Artificial intelligence has been applied to LVO detection in several studies. A 3D Siamese CNN named DeepSymNet compared hemispheres of the brain and made use of a series of Inception modules to perform binary classification of LVO and determine size of ischemic cores in computed tomography angiography (CTA)9, 10. Other work showed binary classification of LVO was possible on multiphase CTA, utilizing a pretrained DenseNet-121, which had better initial results than ResNet-50, InceptionV3, and other CNNs: Xception and VGG16 on a dataset of 540 images11. In the realm of commercial software, RAPID for LVO detection was shown to be effective on CTA in single center12 and multicenter studies13. Other commercial software from Viz.ai makes use of a CNN to identify LVO on CTA14, 15. Use in clinical settings has shown that Viz.ai software can improve triage of patients with LVO, including increasing speed of patient transfer16, 17. With respect to preprocessing, maximum intensity projections (MIPs) have been used to facilitate detection of emergent LVO in CTA18, 19 with one study selecting a pre-trained and adapted ResNet-50 from a grouping of other pre-trained networks: InceptionV3, DenseNet-121 and NASNet for use on a dataset of over 1200 images19.

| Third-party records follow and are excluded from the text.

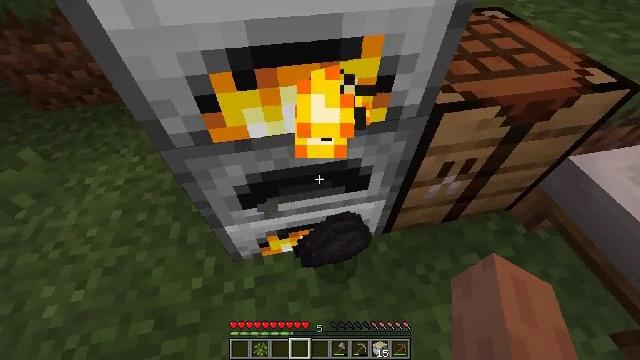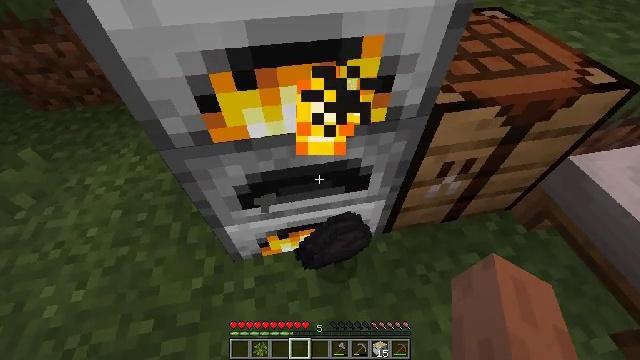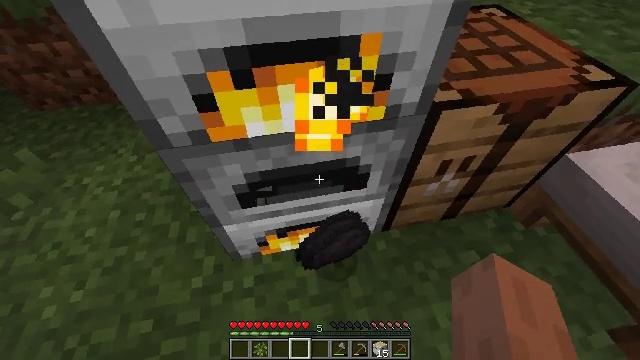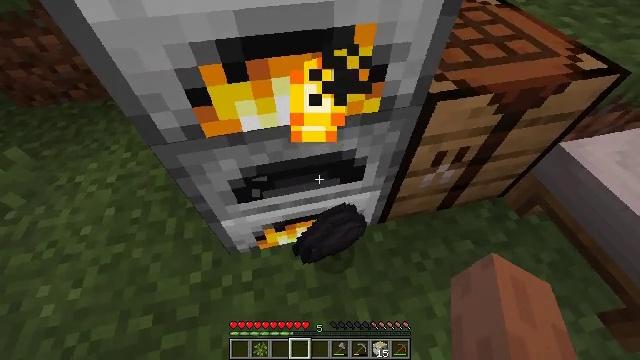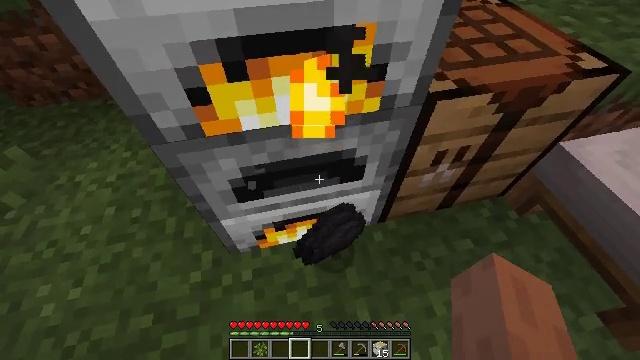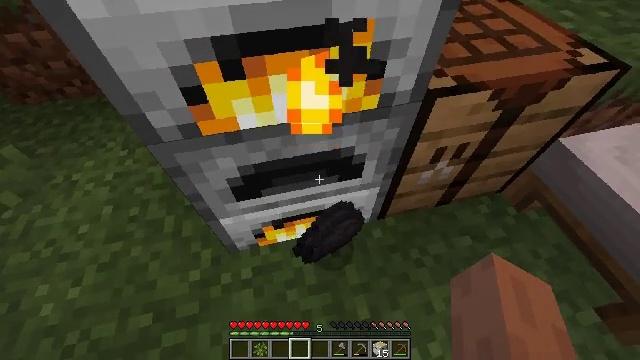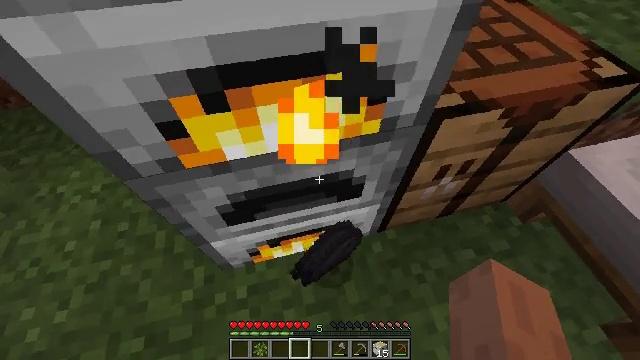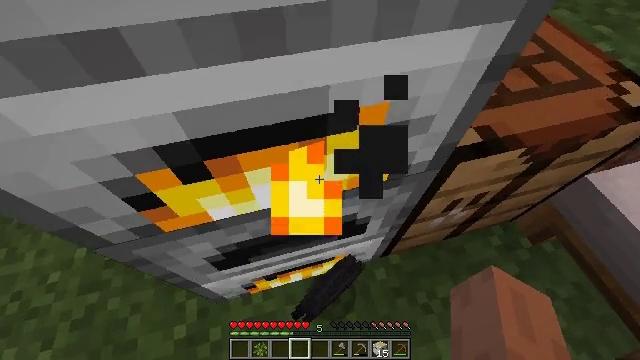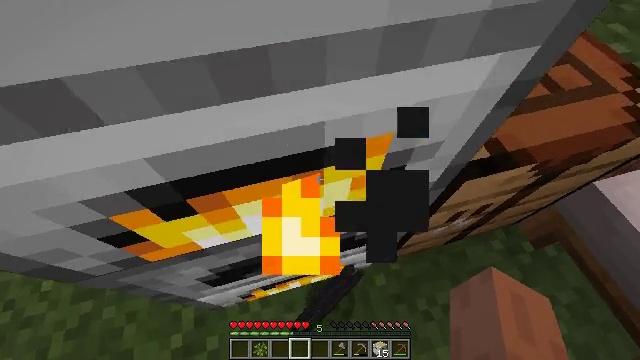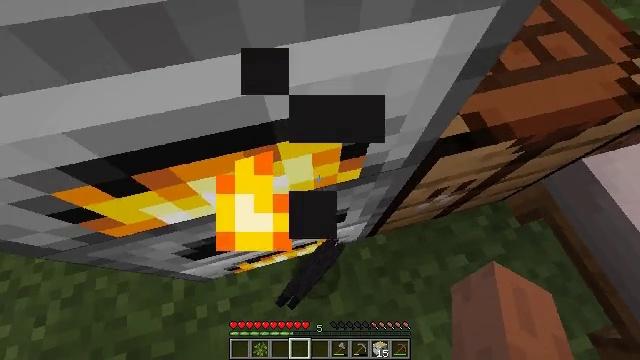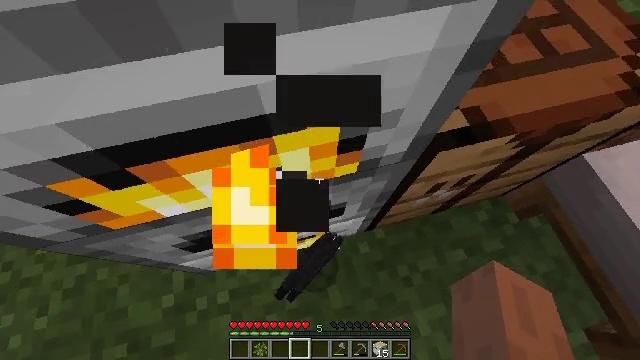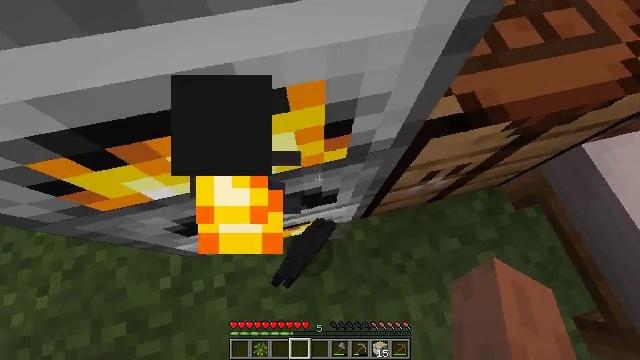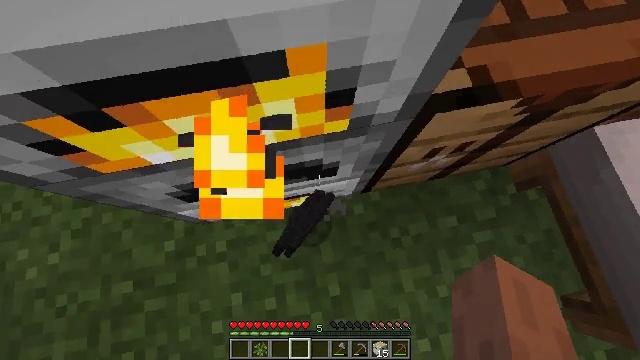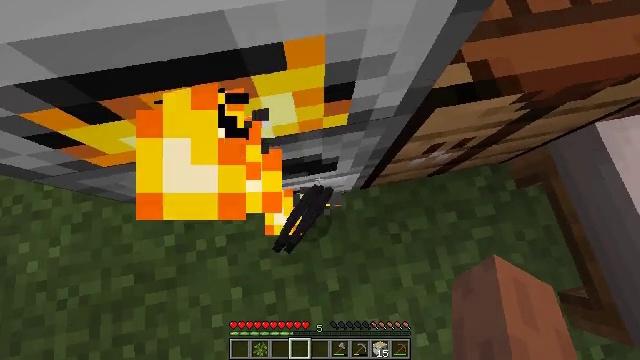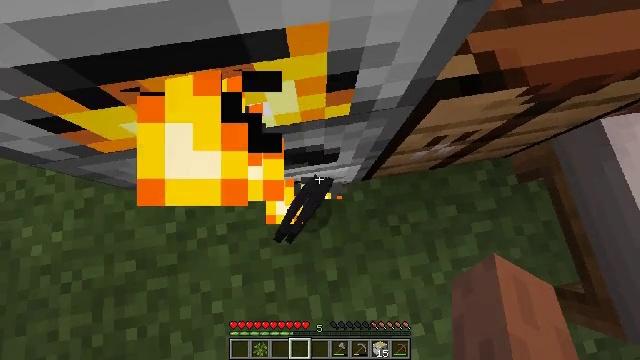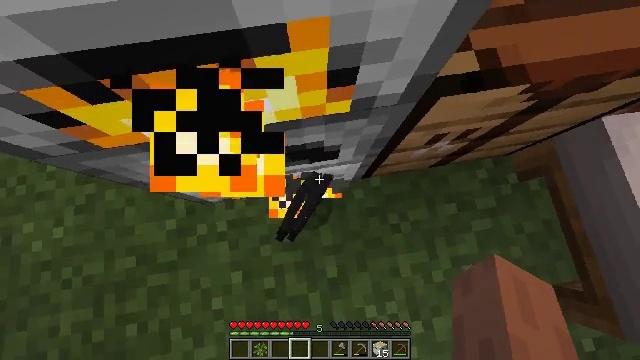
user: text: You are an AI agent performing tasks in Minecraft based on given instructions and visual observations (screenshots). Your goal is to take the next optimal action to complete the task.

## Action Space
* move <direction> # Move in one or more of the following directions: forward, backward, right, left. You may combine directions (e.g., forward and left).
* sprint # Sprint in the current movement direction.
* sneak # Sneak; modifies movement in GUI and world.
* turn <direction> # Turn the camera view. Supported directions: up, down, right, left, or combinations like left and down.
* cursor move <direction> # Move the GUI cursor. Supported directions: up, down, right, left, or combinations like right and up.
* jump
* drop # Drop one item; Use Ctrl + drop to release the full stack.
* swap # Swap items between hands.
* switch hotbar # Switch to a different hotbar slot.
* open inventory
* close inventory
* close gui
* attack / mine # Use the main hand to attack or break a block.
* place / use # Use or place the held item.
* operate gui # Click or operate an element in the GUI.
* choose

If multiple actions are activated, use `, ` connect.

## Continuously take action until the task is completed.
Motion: motion action
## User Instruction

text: craft item air
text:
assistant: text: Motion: no_op
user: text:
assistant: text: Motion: no_op
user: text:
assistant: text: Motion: turn right and down
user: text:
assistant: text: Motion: no_op
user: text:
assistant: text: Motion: move forward
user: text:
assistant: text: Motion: move forward, turn down
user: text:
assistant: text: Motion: move forward, turn down
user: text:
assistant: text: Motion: move forward, turn down
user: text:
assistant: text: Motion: move forward, turn down
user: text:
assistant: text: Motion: turn down
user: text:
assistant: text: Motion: turn down
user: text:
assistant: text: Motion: turn left and down
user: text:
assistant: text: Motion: no_op
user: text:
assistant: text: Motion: turn left and down
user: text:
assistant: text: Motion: no_op
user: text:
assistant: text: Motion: no_op
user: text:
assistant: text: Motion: no_op
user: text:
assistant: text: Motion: turn right and up
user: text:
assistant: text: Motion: no_op
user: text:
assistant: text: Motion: no_op
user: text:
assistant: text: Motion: use / place
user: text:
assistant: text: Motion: use / place
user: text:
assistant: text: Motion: use / place
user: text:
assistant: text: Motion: no_op
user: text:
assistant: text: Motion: no_op
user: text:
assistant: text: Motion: no_op
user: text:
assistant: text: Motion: no_op
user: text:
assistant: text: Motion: no_op
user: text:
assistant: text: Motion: no_op
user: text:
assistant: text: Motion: no_op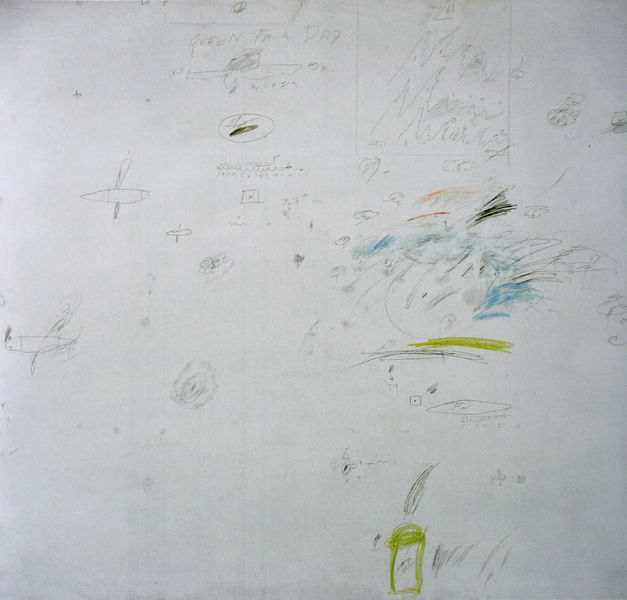
Titel: Sunset Series Part II - Bay of Naples (Rome)
Künstler: Cy Twombly
Standort: Zürich
Institution: Privatsammlung
Schlagwörter: blau, kopf, weiß, grün, grau, mund, skizze, zeichen, zeichnung, gesicht, kind, blatt, kinder, schrift, abstrakt, linien, kerze, fliege, striche, flamme, flecken, grimasse, gelbgrün, grüngelb, quadrat, docht, kindergarten, kinderzeichnung, farbstift, restweiss, gekritzel, flugzeug, biene, zeinung, cy twombly, grauweiß, flugzeuge, buchstben, gelgrün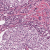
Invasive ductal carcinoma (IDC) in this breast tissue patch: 1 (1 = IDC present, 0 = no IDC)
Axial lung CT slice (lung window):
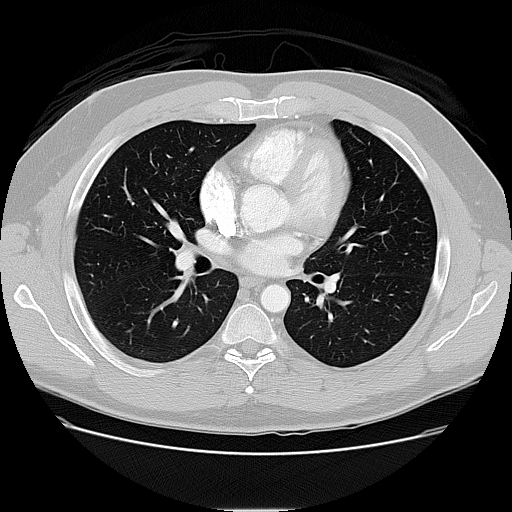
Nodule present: no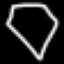
Label: diamond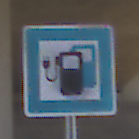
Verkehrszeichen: LadestationFuerElektrofahrzeuge
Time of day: Midday
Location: Roofed (Underpass)
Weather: Clear
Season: NotSpecified
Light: Natural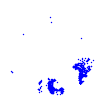
Particle: kaon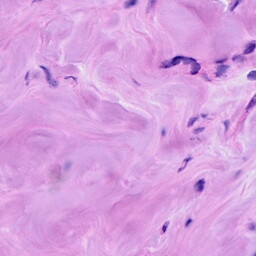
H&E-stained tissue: Breast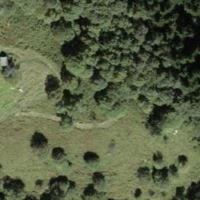
EUNIS habitat code: 41
Species observed at this site:
Sorbus aucuparia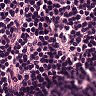
Metastatic tissue present: no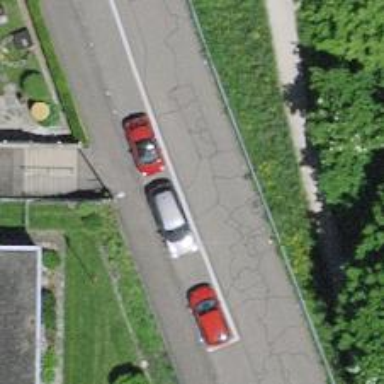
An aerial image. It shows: Footway.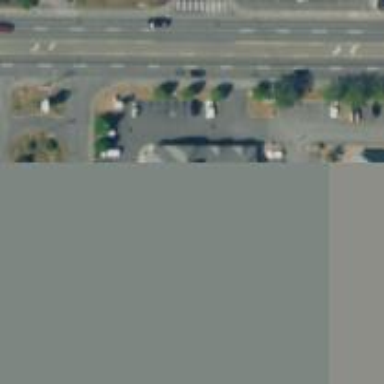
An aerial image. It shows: Convenience shop.
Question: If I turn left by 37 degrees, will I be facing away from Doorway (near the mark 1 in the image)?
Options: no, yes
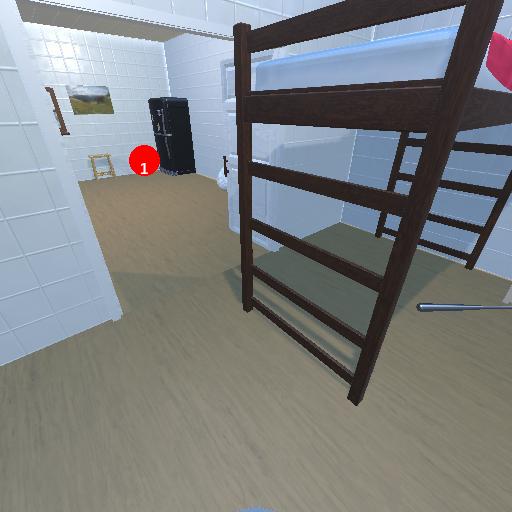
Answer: no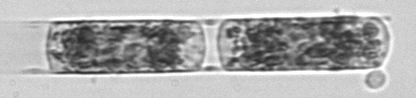
Label: Hemiaulus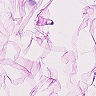
Metastatic tissue present: no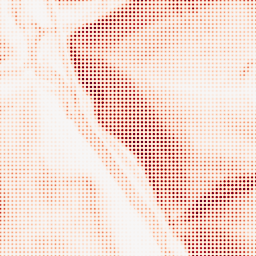
Category: morphological
Decomposition family: morphological_gradient
Decomposition parameters: size: 7
shape: square
Upsampling method: sinc_hamming
Upsampling parameters: scale: 8
kernel_size: 4
Upsampling scale: 8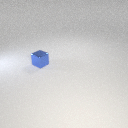
small blue metal cube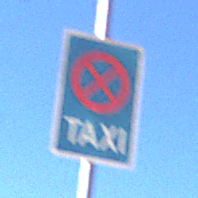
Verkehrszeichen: Taxenstand
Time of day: MorningAfternoon
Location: Outdoor (RoadRail)
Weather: Clear
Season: NotSpecified
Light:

Neural networks have also been shown useful for improving CT image quality. Low-dose CT uses a smaller X-ray radiation dose, but results in noisier scans than traditional CT. With generative adversarial network (GAN) methods, noise can be reduced while maintaining important structural features20. Additionally, GAN super-resolution can be used to reconstruct higher resolution CT from lower resolution CT scans21. For medical image segmentation algorithms, unsupervised methods have been developed to handle domain adaptation between CT and magnetic resonance (MR) images when using a multi-modality approach22, as well as, purely on MR images, modern segmentation with contrastive learning utilizing a voxel-wise technique23.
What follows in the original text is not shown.